Even with dreadful imaginings running through my mind, second day we reached New Mexico, and on into the Texas pan handle which greeted us with fresh sheets of rain and an exciting stoppage on the highway during a severe storm complete with flash flood warnings. We learned a Texas rule of the road: when you cain’t see, you cain’t drive. We took our clues from the drivers with Texas license plates and waited it out. Rain cleared without an actual flash flood washing us into some Texas gulley. So onward.
Onward through Oklahoma, Missouri, Illinois, Indiana, Ohio, Pennsylvania. I don’t remember much about those states or our stops so they must have been without incident. Until…
We passed through Harrisburg and Hershey PA within sight of Three Mile Island. 1979. The horrific Three Mile Island reactor meltdown accident had happened in March and we traveled in August, same year, 5 months later. It was so eerie to be within sight of the silos and the reactor that had failed. We wondered if it was safe, but didn’t have a route to avoid it. I wanted to hold my breath, shield myself and my family from possible lingering radiation and yet…I also entertained an odd curiosity to see it as we passed by. Look quick! The accelerator was ever so slightly pushed closer to the car floor.
Finally we reached the New Jersey Turnpike and headed north to Lawrenceville, just south of Princeton. Campus housing wasn’t ready yet, so we stayed in the one hotel we could afford, the Red Brick motel just outside Princeton. Nothing was clean but I’m going to leave out the details. It was so dirty I wondered if it was rented out by the hour. One night at the Red Brick motel was more than enough.
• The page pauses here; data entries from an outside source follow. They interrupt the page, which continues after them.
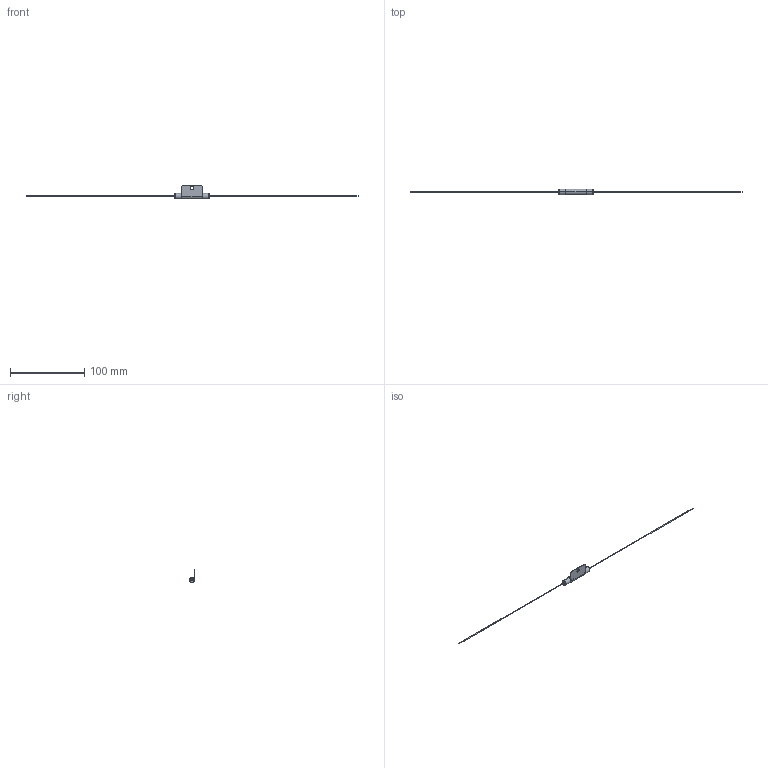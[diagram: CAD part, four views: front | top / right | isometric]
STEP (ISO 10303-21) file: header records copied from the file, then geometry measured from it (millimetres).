
FILE_DESCRIPTION (( 'STEP AP214' ), '1' );
FILE_NAME ('ST_TRSL_D7.7L47L227T18.8LL200.STEP', '2018-06-06T19:49:00', ( '' ), ( '' ), 'SwSTEP 2.0', 'SolidWorks 2014', '' );
FILE_SCHEMA (( 'AUTOMOTIVE_DESIGN' ));
Length unit declared in the file: millimetre
Products named in the file (1): ST_TRSL_D7.7L47L227T18.8LL200
Bounding box: 447 x 7.7 x 18.8 mm (x, y, z)
Volume: 2631.7 mm3; surface area: 3119 mm2
Topology: 1 solids, 1 shells, 90 faces, 233 edges, 154 vertices
Faces by surface type: plane 33, bspline 31, cylinder 22, torus 4
Entity records: 3342 total; most frequent: CARTESIAN_POINT 996, ORIENTED_EDGE 466, DIRECTION 286, EDGE_CURVE 233, VERTEX_POINT 154, B_SPLINE_CURVE_WITH_KNOTS 113, AXIS2_PLACEMENT_3D 106, EDGE_LOOP 101
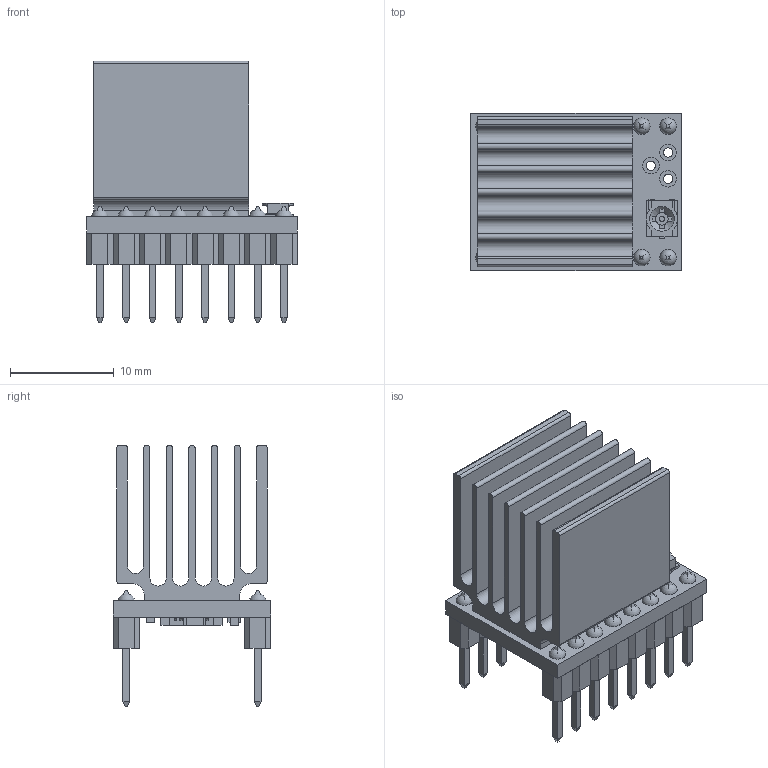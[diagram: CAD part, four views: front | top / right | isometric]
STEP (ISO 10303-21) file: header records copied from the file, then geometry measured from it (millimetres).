
FILE_DESCRIPTION(('FreeCAD Model'),'2;1');
FILE_NAME('Open CASCADE Shape Model','2025-01-18T19:54:59',(''),(''), 'Open CASCADE STEP processor 7.8','FreeCAD','Unknown');
FILE_SCHEMA(('AUTOMOTIVE_DESIGN { 1 0 10303 214 1 1 1 1 }'));
Length unit declared in the file: millimetre
Products named in the file (71): TMC2209; Body; 1x8 Male Header; Array001; Body004; Array; Body003; Array002; Body001; 1x8 Male Header001; Array004; Body007; Array003; Body006; Array005; Body005; Trim Pot; Body008; Body009; Body002; Body010; Body011; QFN28; Body012; Array006; Array007; Body013; 0603 Resistor; Body014; Body001 (Mirror #1); 0603 Resistor001; Body016; Body001 (Mirror #1)001; 0603 Resistor002; Body018; Body001 (Mirror #1)002; 0603 Resistor003; Body020; Body001 (Mirror #1)003; 0603 Resistor004 ...
Assembly tree (121 placements, depth 5):
  TMC2209
    Body
    1x8 Male Header
      Array001
        Body004  x8
      Array
        Body003  x8
      Array002
        Body001  x8
    1x8 Male Header001
      Array004
        Body007  x8
      Array003
        Body006  x8
      Array005
        Body005  x8
    Trim Pot
      Body008
      Body009
      Body002
      Body010
      Body011
    QFN28
      Body012
      Array006
        Array007  x4
          Body013
    0603 Resistor
      Body014
      Body001 (Mirror #1)
    0603 Resistor001
      Body016
      Body001 (Mirror #1)001
    0603 Resistor002
      Body018
      Body001 (Mirror #1)002
    0603 Resistor003
      Body020
      Body001 (Mirror #1)003
    0603 Resistor004
      Body022
      Body001 (Mirror #1)004
    0805 Resistor
      Body024
      Body001 (Mirror #1)005
    0805 Resistor001
      Body026
      Body001 (Mirror #1)006
    0603 Capacitor
      Body028
      Body001 (Mirror #1)007
    0603 Capacitor001
      Body030
      Body001 (Mirror #1)008
    0603 Capacitor002
      Body032
      Body001 (Mirror #1)009
    0603 Capacitor003
      Body034
      Body001 (Mirror #1)010
Bounding box: 20.32 x 15.24 x 25.26 mm (x, y, z)
Volume: 2146.5 mm3; surface area: 5694 mm2
Topology: 115 solids, 115 shells, 1107 faces, 2558 edges, 1660 vertices
Faces by surface type: plane 1004, cylinder 85, sphere 16, cone 2
Full cylindrical faces by diameter (mm): 0.3 x1, 0.5 x1, 0.9 x19, 1.6 x6, 2.5 x1
Entity records: 32519 total; most frequent: CARTESIAN_POINT 5355, DIRECTION 4981, LINE 3316, VECTOR 3316, ORIENTED_EDGE 2426, PCURVE 2426, DEFINITIONAL_REPRESENTATION 2426, EDGE_CURVE 1213

Even though the trek was long and sometimes challenging and we left our families back in California, arriving in Princeton felt like a homecoming. Student life is temporary, so friends from before had moved on, but I knew how to dress for the climate this time, had some co-worker friends in the area and knew my way around town and campus. Ron had his studies and also headed up the Christian education library on campus as a part of his financial aid. We were assigned an apartment in North Hall, the interior laid out like a motor home; the whole apartment was 8 feet wide with a tiny kitchen at one end, a living room where we ate, slept and well, lived, and one bedroom for John that you had to pass through to get to the bathroom. Quiet, now! Don’t wake the baby! Narrow dormitory living for our little family of 3. It’s what you do if you want to live on campus. We made it work in that apartment for a year.
I took a job at Princeton Bank as a teller that lasted about 6 months. It was an exciting time in banking, if ever there was an exciting time in banking. 1980 brought the advent of the motor bank where the teller stayed in a little kiosk separate from the bank building. And debit cards. Whee!
I bought a new sewing machine in 1980. A Viking Husqvarna maroon colored model with ALL the fancy stitches. It was the gateway drug to a life of theater and ballet costumes, and allowed me to be self employed for many, many satisfying years. I remember when I bought it, because it was the same year I became pregnant again.
We knew there would be another move to go along with that baby. We settled in to the big one-bedroom apartment in Tennant Hall, right across the parking lot from North Hall. Ah, more space. There we stayed until 1982.